TRY IT:
Each line below with the string "attributeName" should be copied.

DATA SUPPLIED START

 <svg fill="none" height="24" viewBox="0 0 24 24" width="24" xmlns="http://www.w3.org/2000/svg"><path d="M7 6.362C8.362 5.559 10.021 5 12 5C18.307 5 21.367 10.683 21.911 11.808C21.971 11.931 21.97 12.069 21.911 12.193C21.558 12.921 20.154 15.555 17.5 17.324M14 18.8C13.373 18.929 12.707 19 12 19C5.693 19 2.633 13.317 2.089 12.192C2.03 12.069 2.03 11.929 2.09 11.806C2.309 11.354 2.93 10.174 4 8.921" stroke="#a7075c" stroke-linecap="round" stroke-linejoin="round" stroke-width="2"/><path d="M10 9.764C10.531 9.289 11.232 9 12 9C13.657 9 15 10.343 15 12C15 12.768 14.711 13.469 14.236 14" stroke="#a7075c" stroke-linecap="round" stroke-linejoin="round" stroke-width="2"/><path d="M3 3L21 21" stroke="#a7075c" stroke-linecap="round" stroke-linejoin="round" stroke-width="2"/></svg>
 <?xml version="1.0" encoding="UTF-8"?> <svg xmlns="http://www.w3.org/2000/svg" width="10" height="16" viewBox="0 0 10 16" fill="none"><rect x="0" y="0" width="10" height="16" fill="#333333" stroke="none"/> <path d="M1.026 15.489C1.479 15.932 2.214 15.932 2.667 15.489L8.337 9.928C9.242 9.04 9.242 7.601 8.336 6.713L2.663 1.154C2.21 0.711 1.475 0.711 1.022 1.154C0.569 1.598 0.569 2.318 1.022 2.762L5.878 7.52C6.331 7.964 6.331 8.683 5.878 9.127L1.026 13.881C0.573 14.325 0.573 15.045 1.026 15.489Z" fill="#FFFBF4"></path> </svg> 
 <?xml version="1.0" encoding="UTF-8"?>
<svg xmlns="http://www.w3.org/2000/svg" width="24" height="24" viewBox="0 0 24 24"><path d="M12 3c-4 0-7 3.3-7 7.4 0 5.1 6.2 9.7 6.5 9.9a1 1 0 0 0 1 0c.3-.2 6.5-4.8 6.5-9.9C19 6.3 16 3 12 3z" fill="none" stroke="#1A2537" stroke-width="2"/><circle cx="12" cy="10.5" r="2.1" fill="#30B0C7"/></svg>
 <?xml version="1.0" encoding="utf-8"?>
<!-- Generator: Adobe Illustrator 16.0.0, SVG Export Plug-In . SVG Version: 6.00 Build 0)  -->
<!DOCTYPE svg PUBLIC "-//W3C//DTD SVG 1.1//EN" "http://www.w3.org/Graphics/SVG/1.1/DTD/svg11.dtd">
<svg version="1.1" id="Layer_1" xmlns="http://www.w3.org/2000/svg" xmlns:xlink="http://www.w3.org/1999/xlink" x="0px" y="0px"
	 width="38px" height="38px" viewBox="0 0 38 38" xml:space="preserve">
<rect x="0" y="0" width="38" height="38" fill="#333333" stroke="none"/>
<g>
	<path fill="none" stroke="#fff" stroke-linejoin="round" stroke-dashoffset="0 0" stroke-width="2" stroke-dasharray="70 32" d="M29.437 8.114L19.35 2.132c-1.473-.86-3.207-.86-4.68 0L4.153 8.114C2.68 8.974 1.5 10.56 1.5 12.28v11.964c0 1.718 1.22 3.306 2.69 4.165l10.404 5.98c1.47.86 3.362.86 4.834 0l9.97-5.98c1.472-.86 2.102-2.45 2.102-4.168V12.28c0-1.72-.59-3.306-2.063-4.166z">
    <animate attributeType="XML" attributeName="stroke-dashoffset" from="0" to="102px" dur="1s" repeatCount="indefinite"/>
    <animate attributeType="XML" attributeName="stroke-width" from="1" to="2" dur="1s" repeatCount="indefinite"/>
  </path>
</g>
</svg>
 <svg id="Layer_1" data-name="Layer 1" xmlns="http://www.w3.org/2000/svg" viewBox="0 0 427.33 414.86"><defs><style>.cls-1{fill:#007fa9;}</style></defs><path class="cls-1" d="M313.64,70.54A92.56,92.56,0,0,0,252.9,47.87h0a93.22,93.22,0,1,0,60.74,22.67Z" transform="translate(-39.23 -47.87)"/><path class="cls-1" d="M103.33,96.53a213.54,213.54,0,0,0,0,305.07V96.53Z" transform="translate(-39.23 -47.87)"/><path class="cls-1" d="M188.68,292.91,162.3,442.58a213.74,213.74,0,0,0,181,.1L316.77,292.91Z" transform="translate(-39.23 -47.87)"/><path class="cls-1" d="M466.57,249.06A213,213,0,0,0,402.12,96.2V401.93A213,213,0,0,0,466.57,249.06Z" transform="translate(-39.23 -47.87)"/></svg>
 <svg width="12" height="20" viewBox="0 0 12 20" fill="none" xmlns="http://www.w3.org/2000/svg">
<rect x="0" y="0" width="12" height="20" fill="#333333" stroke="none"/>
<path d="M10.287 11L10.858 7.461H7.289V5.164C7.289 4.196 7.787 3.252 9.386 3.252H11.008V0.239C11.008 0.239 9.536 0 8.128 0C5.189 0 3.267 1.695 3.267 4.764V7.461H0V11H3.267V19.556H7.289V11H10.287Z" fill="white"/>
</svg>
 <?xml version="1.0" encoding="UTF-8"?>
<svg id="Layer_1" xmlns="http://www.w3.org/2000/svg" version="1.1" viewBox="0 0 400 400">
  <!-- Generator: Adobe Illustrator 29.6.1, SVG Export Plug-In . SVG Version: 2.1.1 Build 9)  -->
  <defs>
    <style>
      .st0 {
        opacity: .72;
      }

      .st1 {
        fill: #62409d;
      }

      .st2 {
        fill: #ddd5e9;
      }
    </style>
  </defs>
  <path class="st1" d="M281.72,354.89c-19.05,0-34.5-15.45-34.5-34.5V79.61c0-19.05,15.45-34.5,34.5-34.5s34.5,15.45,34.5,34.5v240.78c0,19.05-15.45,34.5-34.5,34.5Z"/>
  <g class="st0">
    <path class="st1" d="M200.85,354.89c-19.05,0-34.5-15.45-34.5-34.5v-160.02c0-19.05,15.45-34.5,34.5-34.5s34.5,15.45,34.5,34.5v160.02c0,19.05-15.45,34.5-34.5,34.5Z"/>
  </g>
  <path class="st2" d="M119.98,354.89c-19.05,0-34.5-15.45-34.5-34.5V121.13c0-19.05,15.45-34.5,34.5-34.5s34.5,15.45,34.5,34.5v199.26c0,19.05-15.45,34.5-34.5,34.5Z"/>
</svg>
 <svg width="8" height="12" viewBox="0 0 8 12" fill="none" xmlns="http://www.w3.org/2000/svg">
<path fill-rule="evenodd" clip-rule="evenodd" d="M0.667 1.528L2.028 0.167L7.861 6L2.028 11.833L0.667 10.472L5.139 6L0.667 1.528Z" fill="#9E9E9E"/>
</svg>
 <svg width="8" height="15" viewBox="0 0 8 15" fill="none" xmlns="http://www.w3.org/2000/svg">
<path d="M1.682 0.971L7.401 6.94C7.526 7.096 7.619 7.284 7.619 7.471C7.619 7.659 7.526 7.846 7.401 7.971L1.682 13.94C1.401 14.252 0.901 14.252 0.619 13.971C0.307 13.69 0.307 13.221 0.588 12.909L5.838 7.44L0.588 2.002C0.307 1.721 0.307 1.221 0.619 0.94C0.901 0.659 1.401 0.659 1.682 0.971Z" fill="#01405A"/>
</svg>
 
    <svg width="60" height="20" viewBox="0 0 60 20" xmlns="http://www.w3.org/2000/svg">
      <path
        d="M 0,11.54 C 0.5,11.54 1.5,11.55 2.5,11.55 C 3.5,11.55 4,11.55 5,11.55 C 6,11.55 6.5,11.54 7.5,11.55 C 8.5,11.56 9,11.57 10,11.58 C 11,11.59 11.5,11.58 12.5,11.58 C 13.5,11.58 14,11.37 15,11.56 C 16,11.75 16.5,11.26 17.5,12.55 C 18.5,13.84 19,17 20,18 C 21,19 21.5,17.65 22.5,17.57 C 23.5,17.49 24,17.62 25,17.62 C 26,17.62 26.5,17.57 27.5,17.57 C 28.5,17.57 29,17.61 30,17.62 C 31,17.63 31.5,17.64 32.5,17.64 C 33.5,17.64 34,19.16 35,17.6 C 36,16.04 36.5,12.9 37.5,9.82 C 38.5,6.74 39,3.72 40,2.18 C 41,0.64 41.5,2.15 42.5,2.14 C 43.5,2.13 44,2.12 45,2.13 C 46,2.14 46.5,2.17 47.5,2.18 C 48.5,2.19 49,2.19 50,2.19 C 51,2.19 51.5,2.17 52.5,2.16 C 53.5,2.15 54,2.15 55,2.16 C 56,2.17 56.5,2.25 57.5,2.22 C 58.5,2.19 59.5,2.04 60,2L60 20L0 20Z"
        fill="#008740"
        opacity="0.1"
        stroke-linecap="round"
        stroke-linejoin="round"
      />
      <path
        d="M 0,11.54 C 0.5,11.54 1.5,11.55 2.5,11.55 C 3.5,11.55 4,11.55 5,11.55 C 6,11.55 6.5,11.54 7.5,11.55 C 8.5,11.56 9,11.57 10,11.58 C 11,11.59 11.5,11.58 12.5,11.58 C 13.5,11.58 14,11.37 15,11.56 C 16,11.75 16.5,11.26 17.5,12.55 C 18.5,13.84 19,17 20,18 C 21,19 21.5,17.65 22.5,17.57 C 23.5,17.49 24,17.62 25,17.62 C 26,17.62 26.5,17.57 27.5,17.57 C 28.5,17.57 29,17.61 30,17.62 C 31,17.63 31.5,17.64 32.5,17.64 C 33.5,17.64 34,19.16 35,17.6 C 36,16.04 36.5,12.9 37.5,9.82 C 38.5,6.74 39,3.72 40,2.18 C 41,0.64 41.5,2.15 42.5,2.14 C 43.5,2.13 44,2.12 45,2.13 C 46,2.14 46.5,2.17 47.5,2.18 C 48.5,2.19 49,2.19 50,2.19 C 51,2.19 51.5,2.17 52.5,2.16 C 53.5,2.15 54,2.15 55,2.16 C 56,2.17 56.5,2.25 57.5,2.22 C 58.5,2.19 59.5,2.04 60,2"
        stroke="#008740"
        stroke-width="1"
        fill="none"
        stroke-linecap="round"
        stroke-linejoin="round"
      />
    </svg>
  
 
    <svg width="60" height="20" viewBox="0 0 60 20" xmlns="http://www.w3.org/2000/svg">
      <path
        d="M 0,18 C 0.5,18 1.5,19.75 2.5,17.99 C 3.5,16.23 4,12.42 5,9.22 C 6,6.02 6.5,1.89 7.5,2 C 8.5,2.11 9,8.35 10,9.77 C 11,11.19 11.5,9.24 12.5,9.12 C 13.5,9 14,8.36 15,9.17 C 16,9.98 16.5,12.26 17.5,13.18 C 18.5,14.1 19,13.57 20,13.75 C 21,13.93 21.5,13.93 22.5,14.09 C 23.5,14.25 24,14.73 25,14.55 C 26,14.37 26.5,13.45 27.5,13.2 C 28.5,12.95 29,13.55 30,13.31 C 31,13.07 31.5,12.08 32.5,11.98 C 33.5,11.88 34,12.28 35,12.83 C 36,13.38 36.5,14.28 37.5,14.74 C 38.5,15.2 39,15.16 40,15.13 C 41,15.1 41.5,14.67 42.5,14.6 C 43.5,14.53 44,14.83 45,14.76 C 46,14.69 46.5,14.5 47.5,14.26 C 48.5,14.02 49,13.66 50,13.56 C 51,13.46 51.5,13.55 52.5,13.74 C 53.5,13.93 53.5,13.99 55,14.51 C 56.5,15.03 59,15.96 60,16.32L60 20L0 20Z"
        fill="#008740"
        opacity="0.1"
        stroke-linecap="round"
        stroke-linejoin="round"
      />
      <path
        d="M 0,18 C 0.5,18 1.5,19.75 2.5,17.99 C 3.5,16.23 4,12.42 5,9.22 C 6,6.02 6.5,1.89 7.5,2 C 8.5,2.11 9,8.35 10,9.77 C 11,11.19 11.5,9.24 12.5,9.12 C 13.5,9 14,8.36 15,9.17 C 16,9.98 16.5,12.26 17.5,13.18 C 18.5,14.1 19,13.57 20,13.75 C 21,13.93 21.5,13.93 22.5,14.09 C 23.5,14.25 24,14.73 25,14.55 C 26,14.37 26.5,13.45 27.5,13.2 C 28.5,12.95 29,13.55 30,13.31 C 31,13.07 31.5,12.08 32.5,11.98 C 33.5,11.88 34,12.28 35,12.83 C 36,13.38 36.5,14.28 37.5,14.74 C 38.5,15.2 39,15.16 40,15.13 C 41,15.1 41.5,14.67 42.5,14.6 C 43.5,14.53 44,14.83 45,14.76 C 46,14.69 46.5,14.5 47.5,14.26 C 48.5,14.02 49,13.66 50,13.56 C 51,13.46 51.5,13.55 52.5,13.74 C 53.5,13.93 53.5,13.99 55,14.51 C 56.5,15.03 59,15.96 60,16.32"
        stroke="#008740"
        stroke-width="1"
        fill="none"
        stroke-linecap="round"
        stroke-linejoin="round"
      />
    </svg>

DATA SUPPLIED END

TASK OUTPUT:
    <animate attributeType="XML" attributeName="stroke-dashoffset" from="0" to="102px" dur="1s" repeatCount="indefinite"/>
    <animate attributeType="XML" attributeName="stroke-width" from="1" to="2" dur="1s" repeatCount="indefinite"/>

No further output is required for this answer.